- The paper introduces the M3KE benchmark, which comprises 20,477 multiple-choice questions over 71 tasks covering a wide range of Chinese educational topics.
- It demonstrates that Chinese LLMs, especially smaller and less instruction-tuned models, perform near random compared to GPT-3.5's 48% average accuracy.
- The findings highlight the benefits of advanced instruction tuning and model scaling to enhance cross-task generalization in Chinese language models.
Evaluation of LLMs with the M3KE Benchmark
The paper presents a comprehensive examination of the evaluation capabilities of Chinese LLMs using a newly developed benchmark named M3KE: a Massive Multi-Level Multi-Subject Knowledge Evaluation benchmark. The focus of the research lies in evaluating the breadth and depth of knowledge acquired by various Chinese LLMs, spanning multiple domains and educational levels, evaluated under zero- and few-shot learning paradigms.
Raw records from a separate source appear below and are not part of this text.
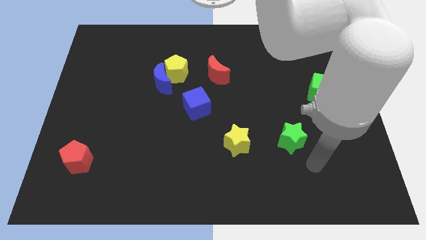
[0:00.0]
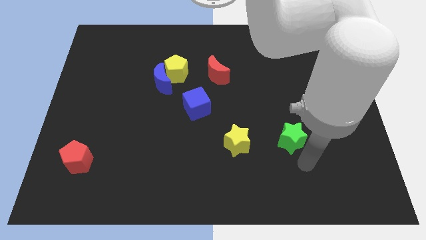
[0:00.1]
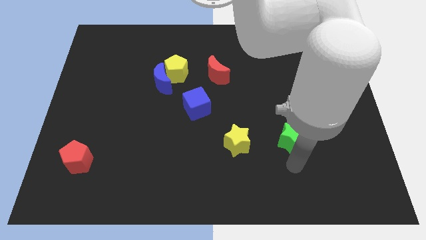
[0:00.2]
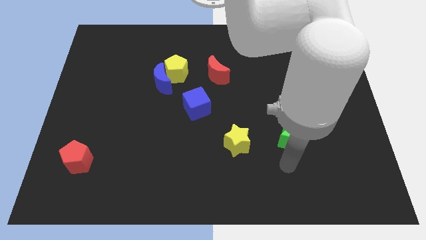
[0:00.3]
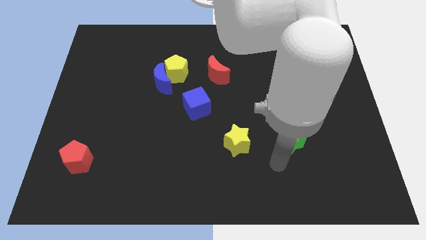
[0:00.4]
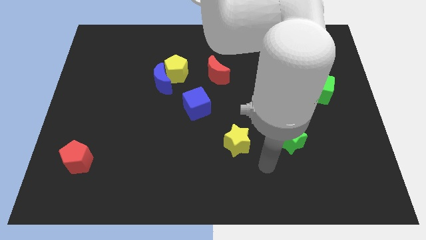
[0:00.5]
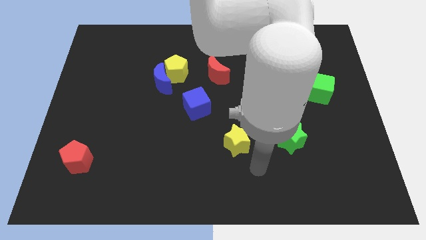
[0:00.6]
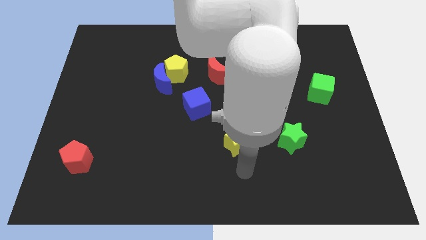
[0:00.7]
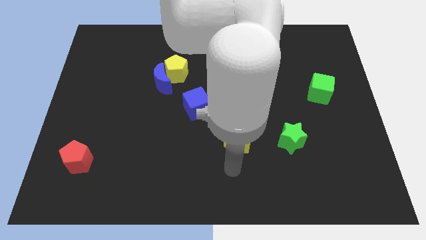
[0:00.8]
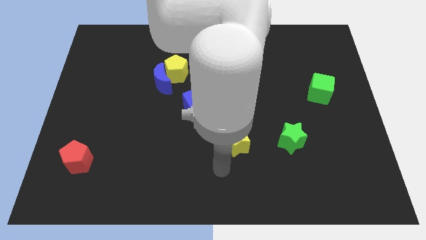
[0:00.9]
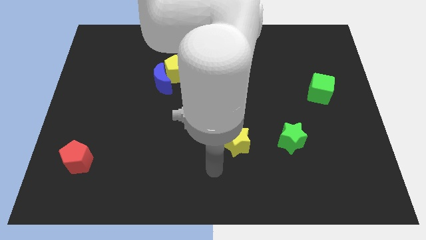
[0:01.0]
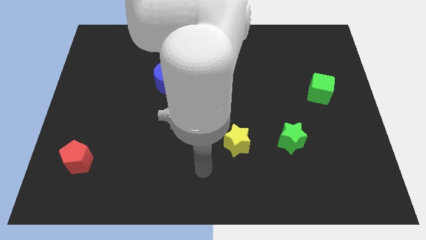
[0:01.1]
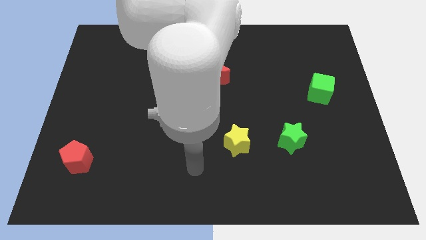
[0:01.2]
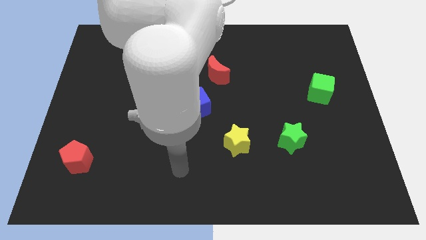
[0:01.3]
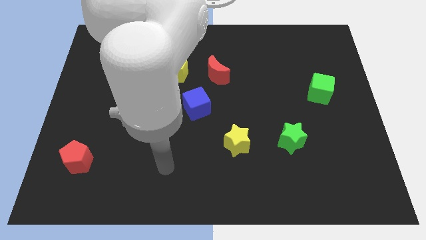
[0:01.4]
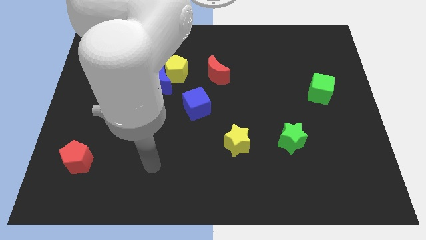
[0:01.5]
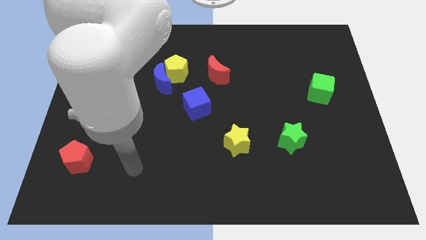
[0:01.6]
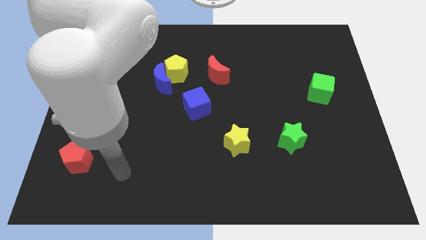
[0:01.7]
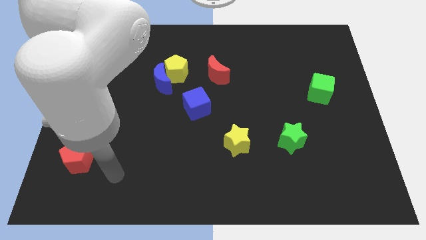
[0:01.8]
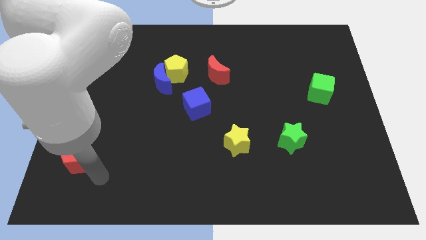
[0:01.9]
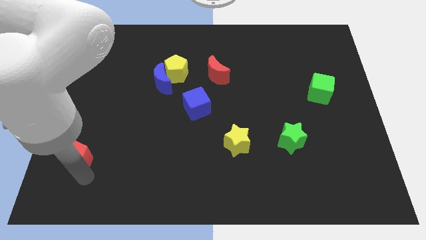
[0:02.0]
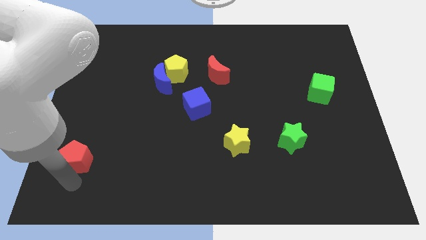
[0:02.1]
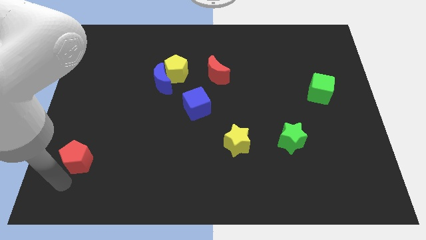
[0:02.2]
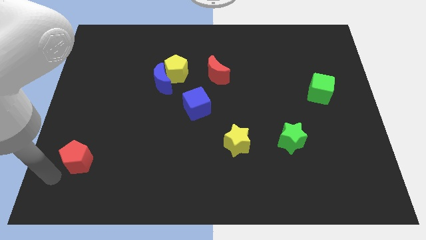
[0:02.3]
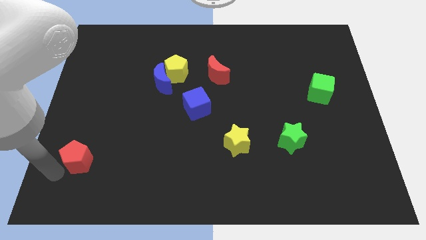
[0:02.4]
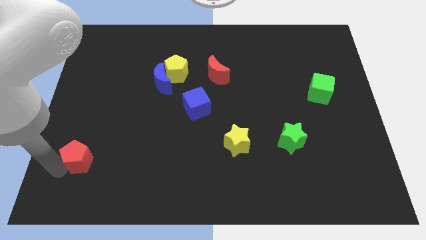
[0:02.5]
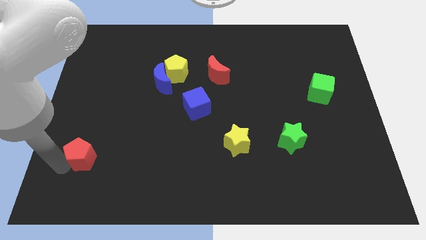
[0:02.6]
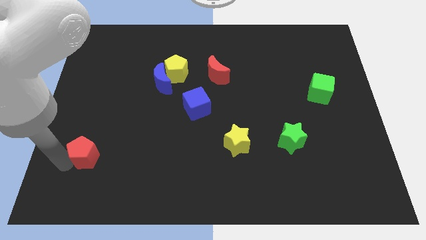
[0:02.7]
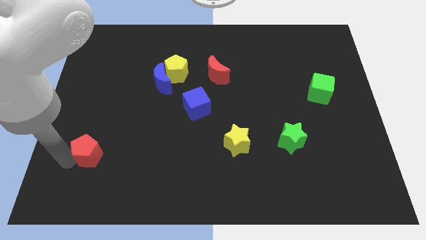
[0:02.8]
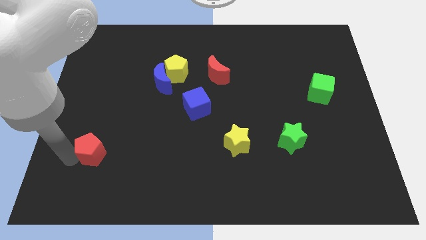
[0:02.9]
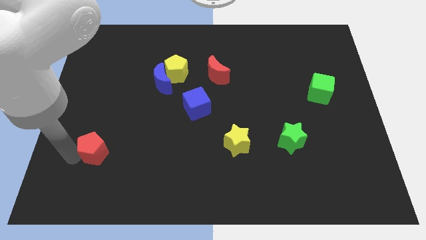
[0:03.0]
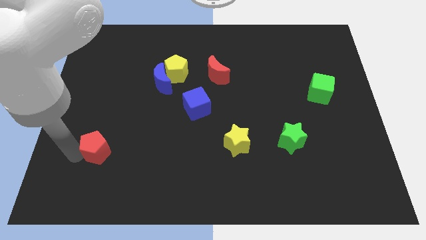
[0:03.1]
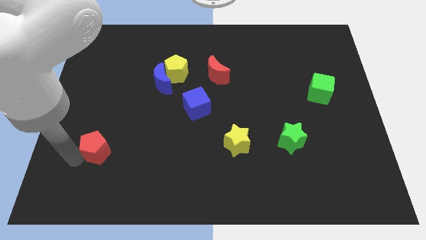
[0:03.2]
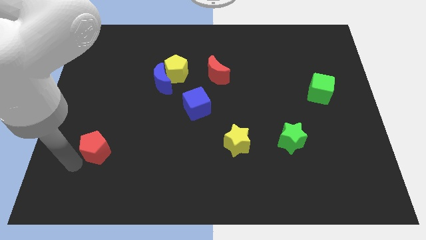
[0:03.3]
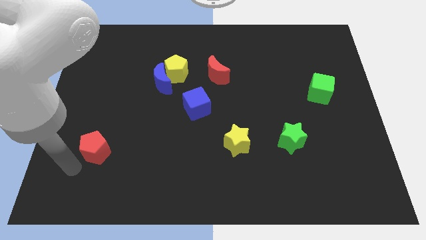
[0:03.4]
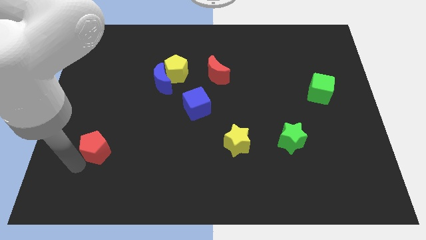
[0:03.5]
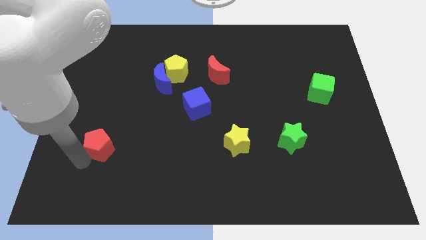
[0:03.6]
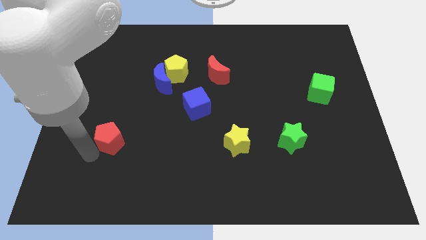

M3KE: Benchmark Characteristics
M3KE encompasses an extensive collection of 20,477 multiple-choice questions sourced from 71 distinct tasks. These tasks are diverse, covering all main sectors of the Chinese educational curriculum—ranging from primary school topics to college-level and beyond. The subjects assessed include areas such as arts, humanities, social sciences, and natural sciences, as well as specialized topics like ancient Chinese language and traditional Chinese medicine. This exhaustive variety provides a broad platform to assess the competencies of Chinese LLMs effectively, enabling standardized performance comparison across different domains and educational levels.
Performance Analysis
The evaluation includes several pre-trained and instruction-tuned models, with parameter sizes ranging from 335M to 130B. Key findings showed a noticeable performance gap between these models and GPT-3.5, with the latter achieving an average accuracy of around 48% on M3KE. The smaller models and those with fewer instruction-tuning epochs generally displayed near-random performance, especially at the primary school level tasks. Notably, this reveals a significant room for improvement in the field of Chinese LLMs when compared to leading English-LLMs.
Instruction Tuning and Model Size
Among the tested models, the ones which had undergone supervised fine-tuning on instructions demonstrated varying degrees of success. Models such as ChatGLM-6B and BELLE-7B exhibited promising results, indicating the potential benefits of using instruction-tuning to enhance model generalization across tasks. Moreover, the variations in model performance as a function of size and instruction volume underline the impact of training strategies on the final capabilities of LLMs.
Implications and Future Directions
The findings underscore the need for more sophisticated training strategies tailored to enhance the cross-task generalization of Chinese LLMs. The disparity in performance between GPT-3.5 and other open-sourced models suggests significant potential gains through further studies into architectures, training paradigms, and linguistic data processing tailored to non-English languages. The insights gained through the M3KE benchmark could guide future research toward optimizing multilingual, cross-disciplinary AI models.
Overall, this research significantly contributes to the ongoing discourse on LLM evaluation and provides an imperative foundation for extensions into other high-resource languages. Such progressive steps are crucial for advancing AI capabilities in a global educational context, where model applicability spans multiple cultural and academic specificities.